What is it like to live with a risktaker?
What is it like, when that person is your husband?
They can be spontaneous. Things happen suddenly, plans change, and you have to learn to just go with the flow, and roll with the waves.
They get passionate. Passionate about big things, but little things too. Life. Music. That green shirt. Grass. It is all or nothing. The passion brings about great satisfaction and joy, but in lack of it, the days can sometimes drag on.
With passion comes the sure-fire heat. And not the type that comes from a stove. I am talking the heat of conversation, the explosiveness of words, the fuel that comes tunnelling forth with great news… and the disappointment that has to unleash with the bad.
Things are always ‘happening.’
Baby girl said to me a while back “you have to be a risktaker.” I was surprised to hear those words from her, until I realised where they had come from.
It was from school, the day before their ‘try popcorn and pineapple’ day.
But when Hubbie is a risktaker, he does things like this:
Over 20 years post his days of climbing monkey bars. Never mind this followed some ‘casual’ drinks. Never mind he was wearing sandals that he could have toppled over in.
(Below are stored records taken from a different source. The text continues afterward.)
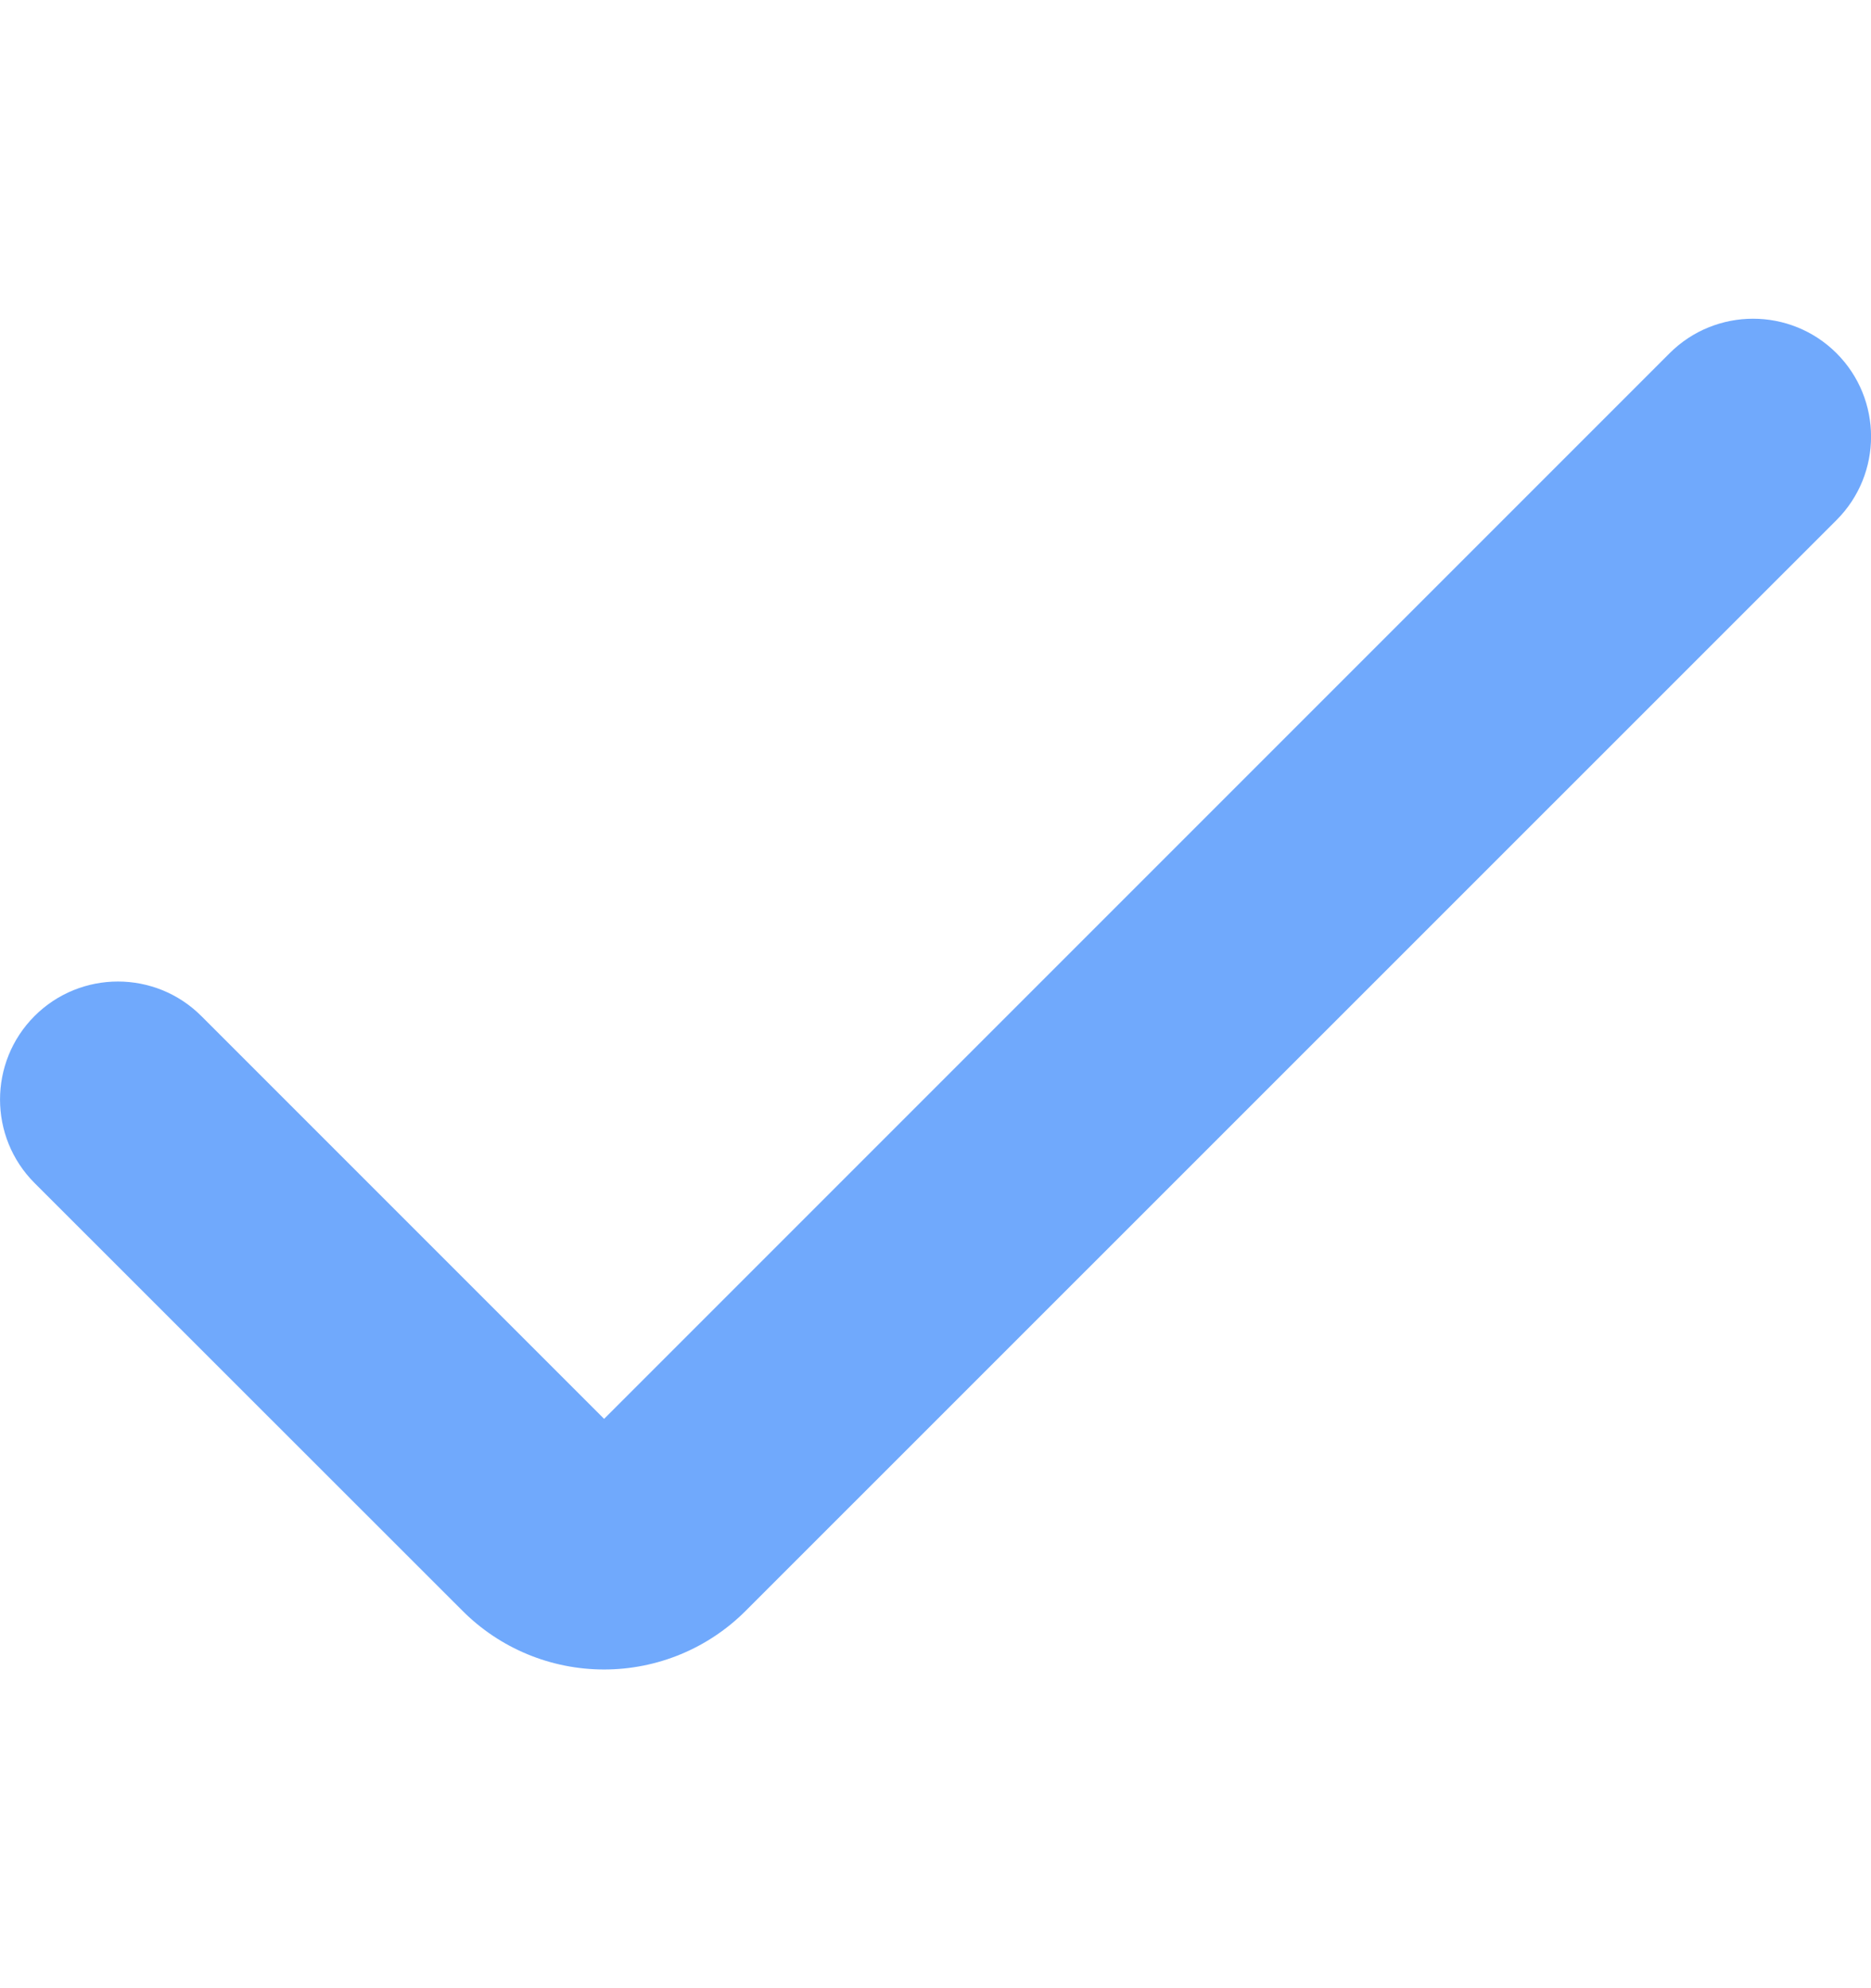 <svg width="16" height="17" viewBox="0 0 16 17" fill="none" xmlns="http://www.w3.org/2000/svg">
<g clip-path="url(#clip0_262_691)">
<path d="M5.166 14.275C4.712 14.275 4.276 14.095 3.955 13.773L0.295 10.115C-0.098 9.721 -0.098 9.082 0.295 8.688C0.689 8.294 1.328 8.294 1.722 8.688L5.166 12.132L14.278 3.02C14.672 2.627 15.311 2.627 15.705 3.02C16.099 3.414 16.099 4.053 15.705 4.447L6.377 13.773C6.056 14.095 5.62 14.275 5.166 14.275Z" fill="#70A9FC"/>
</g>
<defs>
<clipPath id="clip0_262_691">
<rect width="16" height="16" fill="white" transform="translate(0 0.5)"/>
</clipPath>
</defs>
</svg>

Never mind that our daughter was watching him with awe and amusement.
The statement “Don’t try this at home” suddenly had a whole new meaning.
“Don’t try this at school!”
But there is good. More good, than even all of the above mentioned.
Because with risktaking, there is hardly any emphasis of failure. Sure, a healthy dose of fear is there, it is natural… but it isn’t the main focus.
It is just ‘let me try this’ and if it doesn’t work out, then –
“Oh well. Now I know.”
In risk taking, you aren’t left wondering what could have been. Risk taking requires self-confidence, and being your own support group, so you can rev yourself up to go out there, reach high, and try to jump to the sky…
Much like Hubbie did today.
On the outside, as I scolded him and told him to get down, with a smiling baby girl looking up at him beside me, I may have seemed disapproving.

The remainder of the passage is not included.